Take your time, prioritize

Is it worth rushing

Please me (or someone)

Please self (and consider others)

Is it worth the consequences?

To overcome such blockers, she draws from ‘Project Resilience’. Started in 1980s, the initiative produced a book “The Struggle to be Strong: True Stories by Teens about Overcoming Tough Times”. Which outlined a tool called the ‘7 Resiliencies’…

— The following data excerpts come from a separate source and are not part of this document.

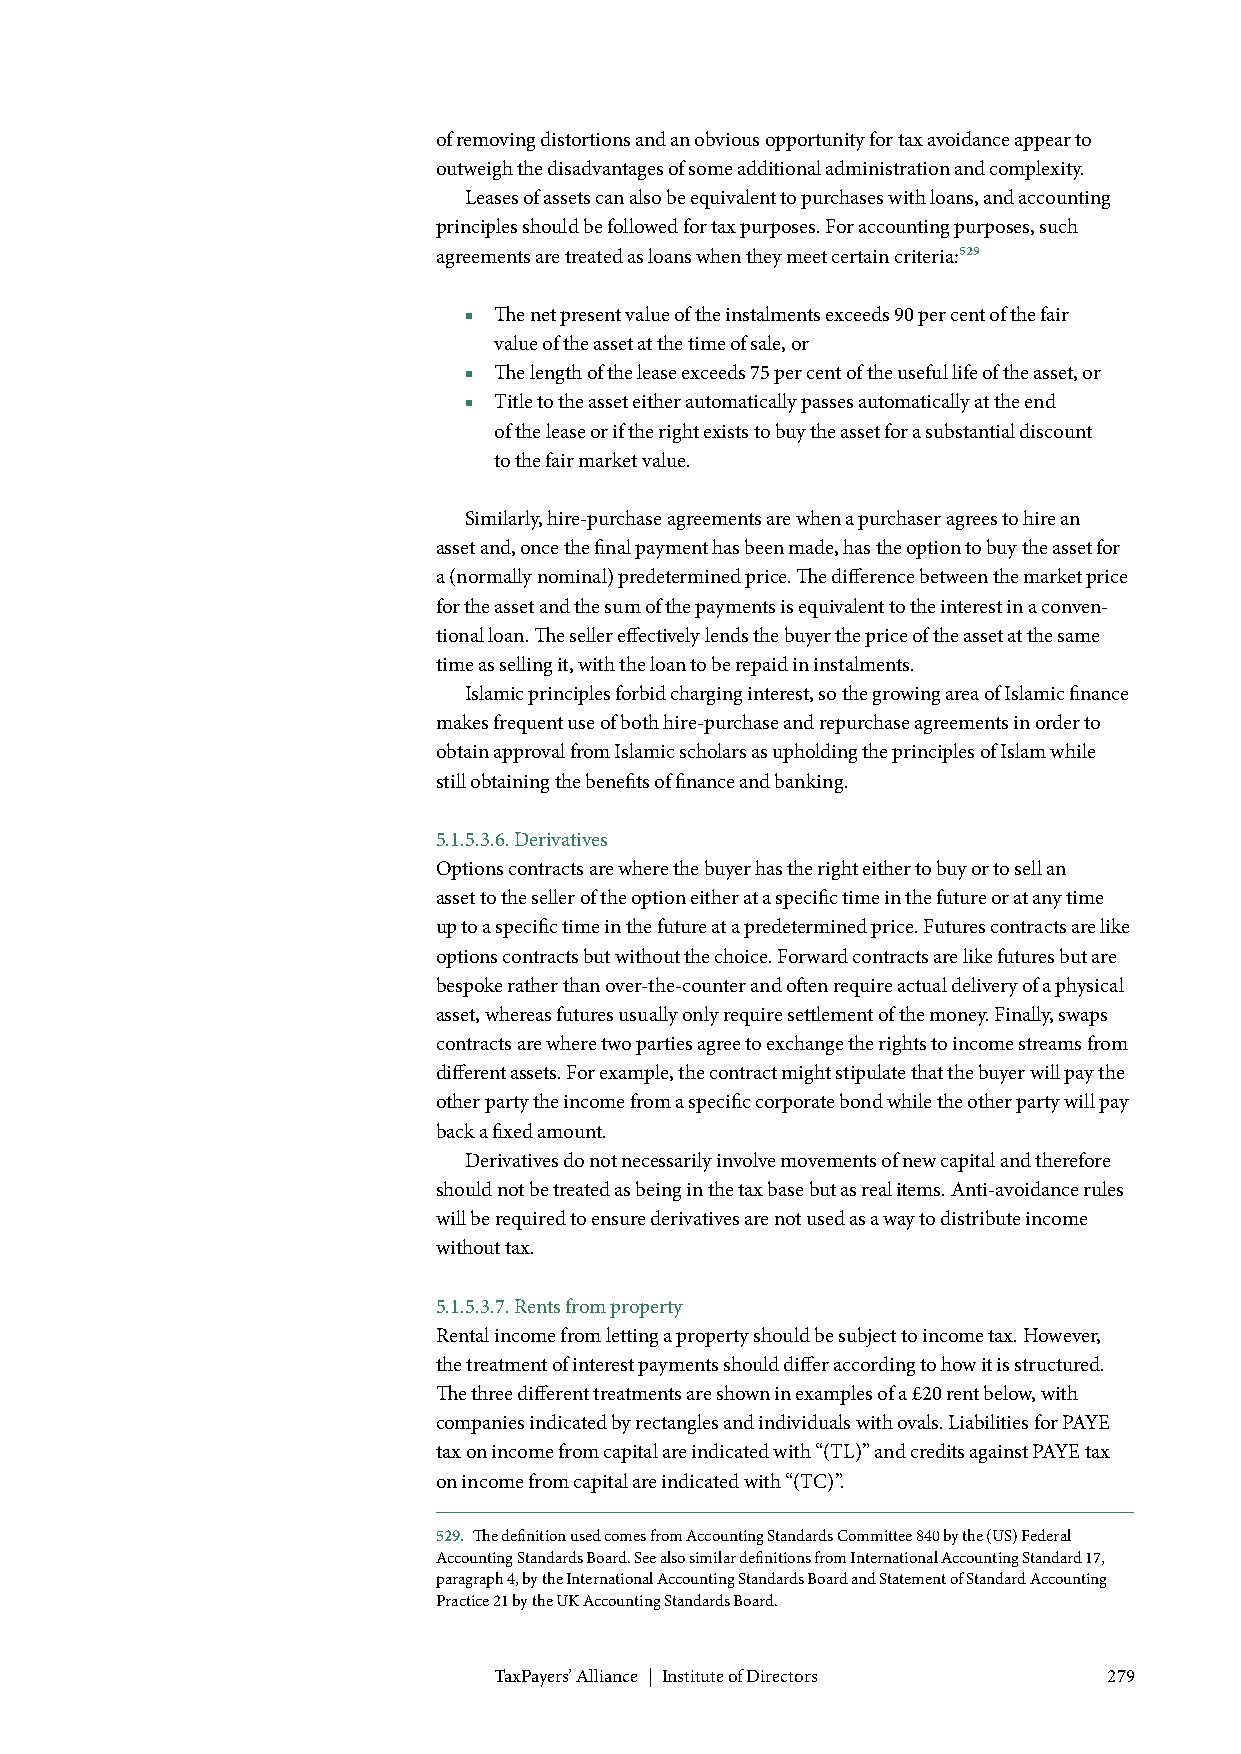
of removing distortions and an obvious opportunity for tax avoidance appear to
 outweigh the disadvantages of some additional administration and complexity.
 Leases of assets can also be equivalent to purchases with loans, and accounting
 principles should be followed for tax purposes. For accounting purposes, such
 agreements are treated as loans when they meet certain criteria:529
 ■ The net present value of the instalments exceeds 90 per cent of the fair
 value of the asset at the time of sale, or
 ■ The length of the lease exceeds 75 per cent of the useful life of the asset, or
 ■ Title to the asset either automatically passes automatically at the end
 of the lease or if the right exists to buy the asset for a substantial discount
 to the fair market value.
 Similarly, hire-purchase agreements are when a purchaser agrees to hire an
 asset and, once the final payment has been made, has the option to buy the asset for
 a (normally nominal) predetermined price. The difference between the market price
 for the asset and the sum of the payments is equivalent to the interest in a conven-
 tional loan. The seller effectively lends the buyer the price of the asset at the same
 time as selling it, with the loan to be repaid in instalments.
 Islamic principles forbid charging interest, so the growing area of Islamic finance
 makes frequent use of both hire-purchase and repurchase agreements in order to
 obtain approval from Islamic scholars as upholding the principles of Islam while
 still obtaining the benefits of finance and banking.
 5.1.5.3.6. Derivatives
 Options contracts are where the buyer has the right either to buy or to sell an
 asset to the seller of the option either at a specific time in the future or at any time
 up to a specific time in the future at a predetermined price. Futures contracts are like
 options contracts but without the choice. Forward contracts are like futures but are
 bespoke rather than over-the-counter and often require actual delivery of a physical
 asset, whereas futures usually only require settlement of the money. Finally, swaps
 contracts are where two parties agree to exchange the rights to income streams from
 different assets. For example, the contract might stipulate that the buyer will pay the
 other party the income from a specific corporate bond while the other party will pay
 back a fixed amount.
 Derivatives do not necessarily involve movements of new capital and therefore
 should not be treated as being in the tax base but as real items. Anti-avoidance rules
 will be required to ensure derivatives are not used as a way to distribute income
 without tax.
 5.1.5.3.7. Rents from property
 Rental income from letting a property should be subject to income tax. However,
 the treatment of interest payments should differ according to how it is structured.
 The three different treatments are shown in examples of a £20 rent below, with
 companies indicated by rectangles and individuals with ovals. Liabilities for PAYE
 tax on income from capital are indicated with “(TL)” and credits against PAYE tax
 on income from capital are indicated with “(TC)”.
 529. The definition used comes from Accounting Standards Committee 840 by the (US) Federal
 Accounting Standards Board. See also similar definitions from International Accounting Standard 17,
 paragraph 4, by the International Accounting Standards Board and Statement of Standard Accounting
 Practice 21 by the UK Accounting Standards Board.
 TaxPayers’ Alliance | Institute of Directors 279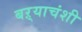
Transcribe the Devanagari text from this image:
बऱ्याचंशी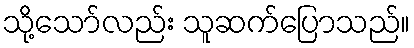
သို့သော်လည်း သူဆက်ပြောသည်။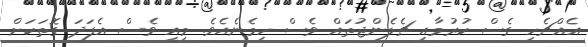
އެއްޗެހި ގެސް ކުރުމާއި ޗެލެންޖުތައް ވެސް ހިމެނެއެވެ. މިއީ ވެސް އެފަދަ ގޮތަކަށް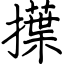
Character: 擛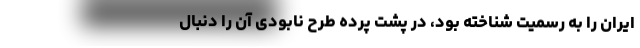
ایران را به رسمیت شناخته بود، در پشت پرده طرح نابودی آن را دنبال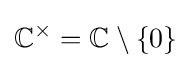
\mathbb {C} ^{\times }=\mathbb {C} \setminus \{0\}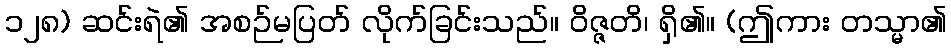
၁၂၈) ဆင်းရဲ၏ အစဉ်မပြတ် လိုက်ခြင်းသည်။ ဝိဇ္ဇတိ၊ ရှိ၏။ (ဤကား တသ္မာ၏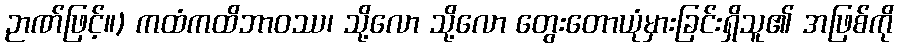
ဉာဏ်ဖြင့်။) ကထံကထိဘာဝဿ၊ သို့လော သို့လော တွေးတောယုံမှားခြင်းရှိသူ၏ အဖြစ်ကို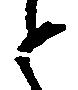
と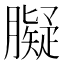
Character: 𦡸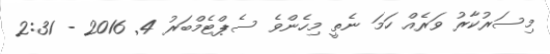
މިސަރުކާރު ވަރެއް ހަމަ ނެތީ މިހެންވެ ސެޕްޓެމްބަރު 4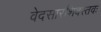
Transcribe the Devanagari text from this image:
वेदसारशिवस्तवः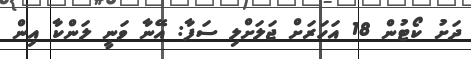
ދަށު ކޯޓުން 18 އަހަރަށް ޖަލަށްލި ސަފާ: އޭނާ ވަނީ ލަންކާ އިން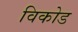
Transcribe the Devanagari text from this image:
विकोड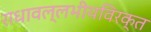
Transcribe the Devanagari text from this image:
राधावल्लभीयविरक्त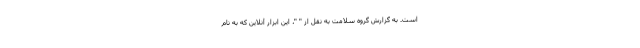
است. به گزارش گروه سلامت به نقل از " "، این ابزار آنلاین که به نام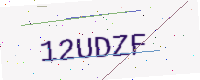
Text: 12UDZF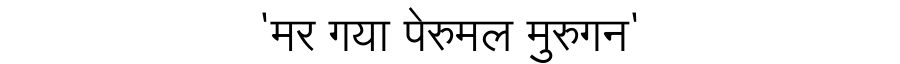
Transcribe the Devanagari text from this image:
'मर गया पेरुमल मुरुगन'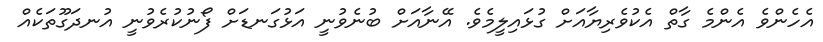
އެހެންވެ އެންމެ ގާތް އެކުވެރިޔާއަށް ގުޅައިލީމެވެ. އޭނާއަށް ބުނެވުނީ އަޅުގަނޑަށް ފޯނުކުރެވުނީ އުނދަގޫތަކެއް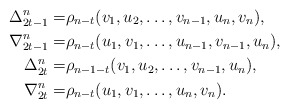
\begin{align*} \Delta^n_{2t-1}=& \rho_{n-t}(v_1,u_2,\ldots,v_{n-1},u_n,v_n), \\ \nabla^n_{2t-1}=& \rho_{n-t}(u_1,v_1,\ldots,u_{n-1},v_{n-1},u_n), \\ \Delta^n_{2t}=& \rho_{n-1-t}(v_1,u_2,\ldots,v_{n-1},u_n), \\ \nabla^n_{2t}=& \rho_{n-t}(u_1,v_1,\ldots,u_n,v_n). \end{align*}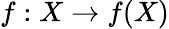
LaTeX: f:X\to f(X)
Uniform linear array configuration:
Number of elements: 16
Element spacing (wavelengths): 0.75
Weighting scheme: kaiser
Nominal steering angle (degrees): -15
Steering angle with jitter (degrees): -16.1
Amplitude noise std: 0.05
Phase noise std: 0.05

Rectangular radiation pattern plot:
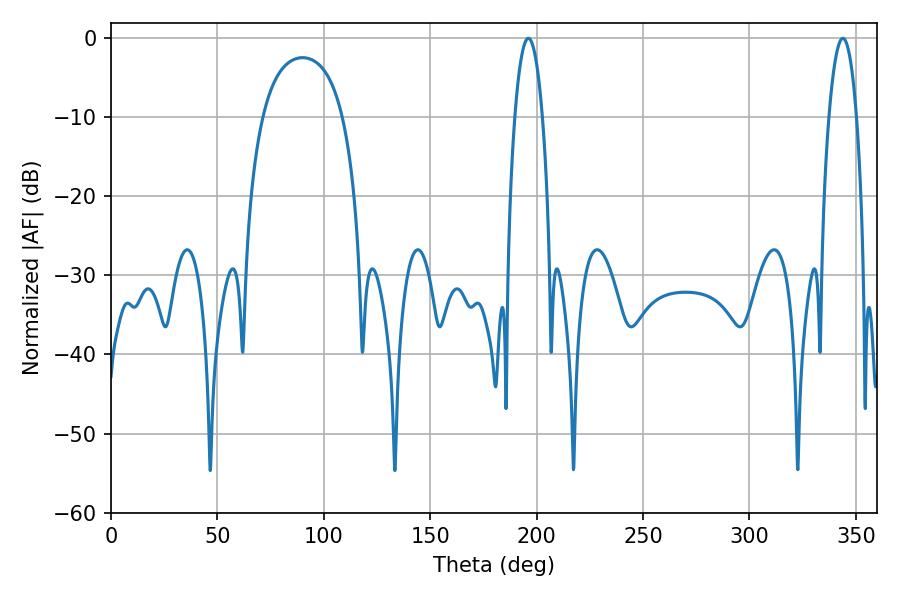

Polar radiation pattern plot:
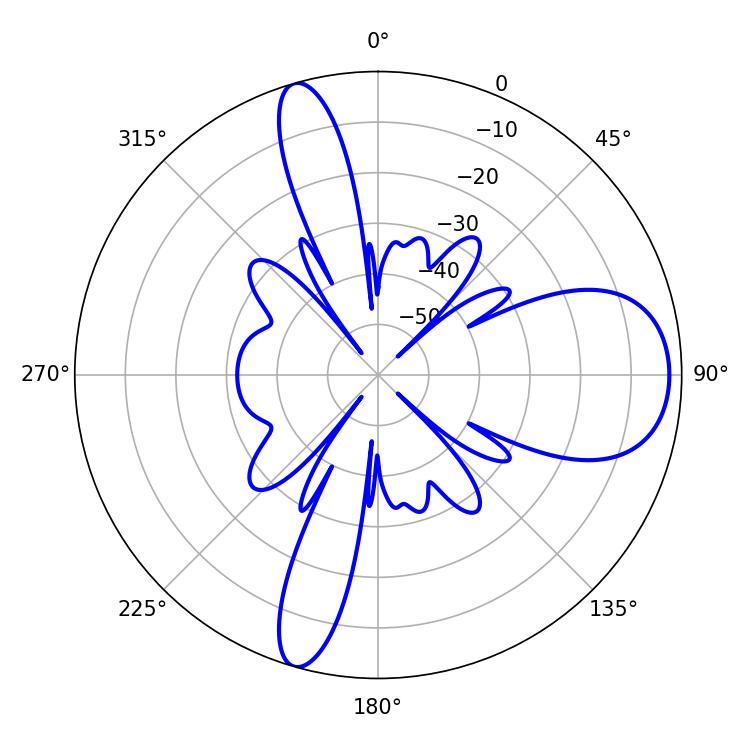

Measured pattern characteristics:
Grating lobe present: TRUE
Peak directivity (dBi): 10.407
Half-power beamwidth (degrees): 7.2
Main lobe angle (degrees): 196.02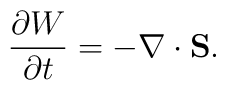
\frac{\partial W}{\partial t}=-\nabla\cdot{\bf S}.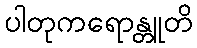
ပါတုကရောန္တူတိ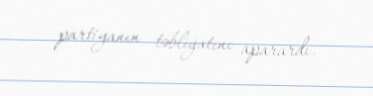
partiyanın təbliğatını aparardı.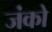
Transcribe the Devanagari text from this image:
जंको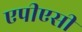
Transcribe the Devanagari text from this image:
एपीएसी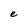
Character: e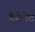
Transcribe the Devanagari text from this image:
कैटेनेट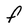
Character: F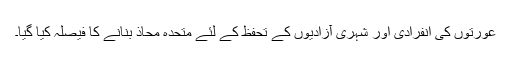
عورتوں کی انفرادی اور شہری آزادیوں کے تحفظ کے لئے متحدہ محاذ بنانے کا فیصلہ کیا گیا۔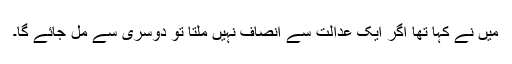
میں نے کہا تھا اگر ایک عدالت سے انصاف نہیں ملتا تو دوسری سے مل جائے گا۔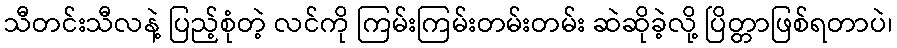
သီတင်းသီလနဲ့ ပြည့်စုံတဲ့ လင်ကို ကြမ်းကြမ်းတမ်းတမ်း ဆဲဆိုခဲ့လို့ ပြိတ္တာဖြစ်ရတာပဲ၊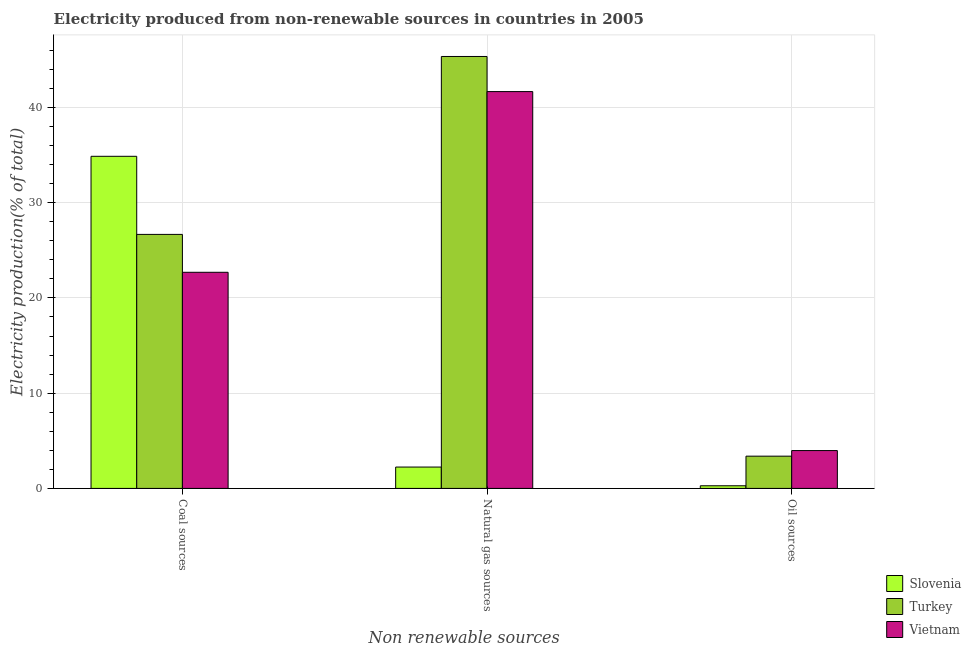
| Non renewable sources | Slovenia | Turkey | Vietnam |
 | --- | --- | --- | --- |
 | Coal sources | 34.9 | 26.7 | 22.7 |
 | Natural gas sources | 2.24 | 45.3 | 41.7 |
 | Oil sources | 0.278 | 3.39 | 3.97 |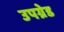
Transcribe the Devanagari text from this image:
उपग्रेड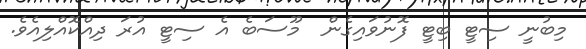
މިބުނީ ސިޓީ ބިޓީ ފޮނުވައިގެން  މޫސަބެ އެ ސިޓީ އުރަ ދިއްކޮއްލިއެވެ.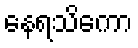
နေရသိကော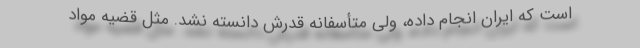
است که ایران انجام داده، ولی متأسفانه قدرش دانسته نشد. مثل قضیه مواد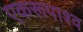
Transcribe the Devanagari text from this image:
एकरूपाश्व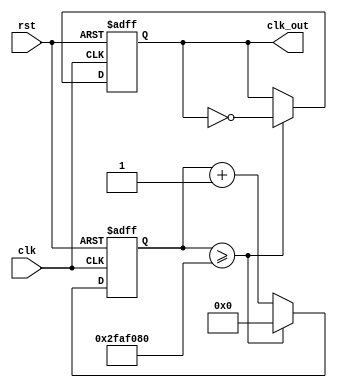
`timescale 1ns / 1ps
//////////////////////////////////////////////////////////////////////////////////
// Company: 
// Engineer: 
// 
// Design Name: 
// Module Name: frequency_divider_exact_1hz
// Project Name: 
// Target Devices: 
// Tool Versions: 
// Description: 
// 
// Dependencies: 
// 
// Revision:
// Revision 0.01 - File Created
// Additional Comments:
// 
//////////////////////////////////////////////////////////////////////////////////


module frequency_divider_exact_1hz(clk, rst, clk_out);
    // a counter-for-50M requires  26 bit
    input clk, rst;  //low active reset
    output clk_out;
    
    reg [25:0] q_temp;
    reg [25:0] q;
    reg clk_out;
    
    always @* begin
        q_temp <= q + 1'b1;
    end
    
    always @(posedge clk or negedge rst) begin
        if(~rst) begin
            q <= 26'd0;
            clk_out = 1'b0;
        end
        else if(q >= 26'd 50000000) begin
            clk_out = ~clk_out;
            q = 26'd0;
        end
        else begin
            q <= q_temp;
        end
        
    end
endmodule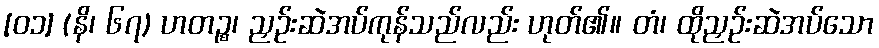
[၀၁] (နိ၊ ၆၇) ဟတဉ္စ၊ ညှဉ်းဆဲအပ်ကုန်သည်လည်း ဟုတ်၏။ တံ၊ ထိုညှဉ်းဆဲအပ်သော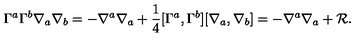
\Gamma ^ { a } \Gamma ^ { b } \nabla _ { a } \nabla _ { b } = - \nabla ^ { a } \nabla _ { a } + \frac { 1 } { 4 } [ \Gamma ^ { a } , \Gamma ^ { b } ] [ \nabla _ { a } , \nabla _ { b } ] = - \nabla ^ { a } \nabla _ { a } + { \cal R } .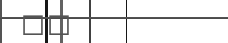
٢١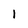
Character: 1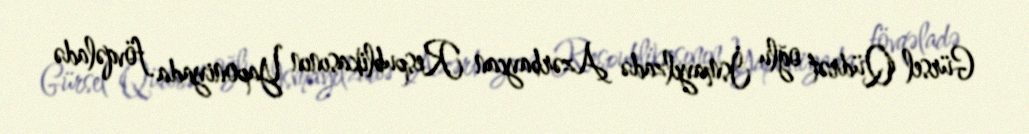
Gürsel Qüdrət oğlu İsmayılzadə Azərbaycan Respublikasının Yaponiyada fövqəladə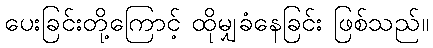
ပေးခြင်းတို့ကြောင့် ထိုမျှခံနေခြင်း ဖြစ်သည်။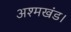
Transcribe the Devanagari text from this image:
अश्मखंड।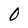
Character: 0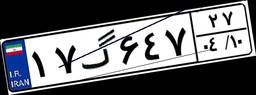
۱۷گ۶۴۷۲۷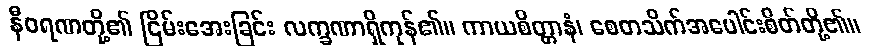
နီဝရဏတို့၏ ငြိမ်းအေးခြင်း လက္ခဏာရှိကုန်၏။ ကာယစိတ္တာနံ၊ စေတသိက်အပေါင်းစိတ်တို့၏။

  1. Insight – Asking tough questions and giving honest answers
  2. Independence – Distancing from the sources of trouble in one’s life
  3. Relationships – Making fulfilling connections to other people
  4. Initiative – Taking charge of problems
  5. Creativity – Using imagination and expressing oneself in art forms
  6. Humor – Finding the comedic in the tragic
  7. Morality – Acting on the basis of an informed conscience

Finally, Valerie concludes with a handy ‘Resilience Checklist’…

  1. Options
    1. Consider 5 options instead of only 2.
    2. Learn about more approaches, read books that address behaviour.
    3. To actualise ‘suffering is optional’.
  2. Perspective
    1. It is not as important what happens to you as how you interpret the situation.
    2. Remember the relevance of our mistakes change as we age.
    3. Challenge your perspective. Most of us are not in a war zone or fighting terminal illness.
    4. Seek support from others outside of the situation whom you respect.
  3. Importance
    1. Decide to do it now.
    2. Consider that you may be a role model and that children are watching.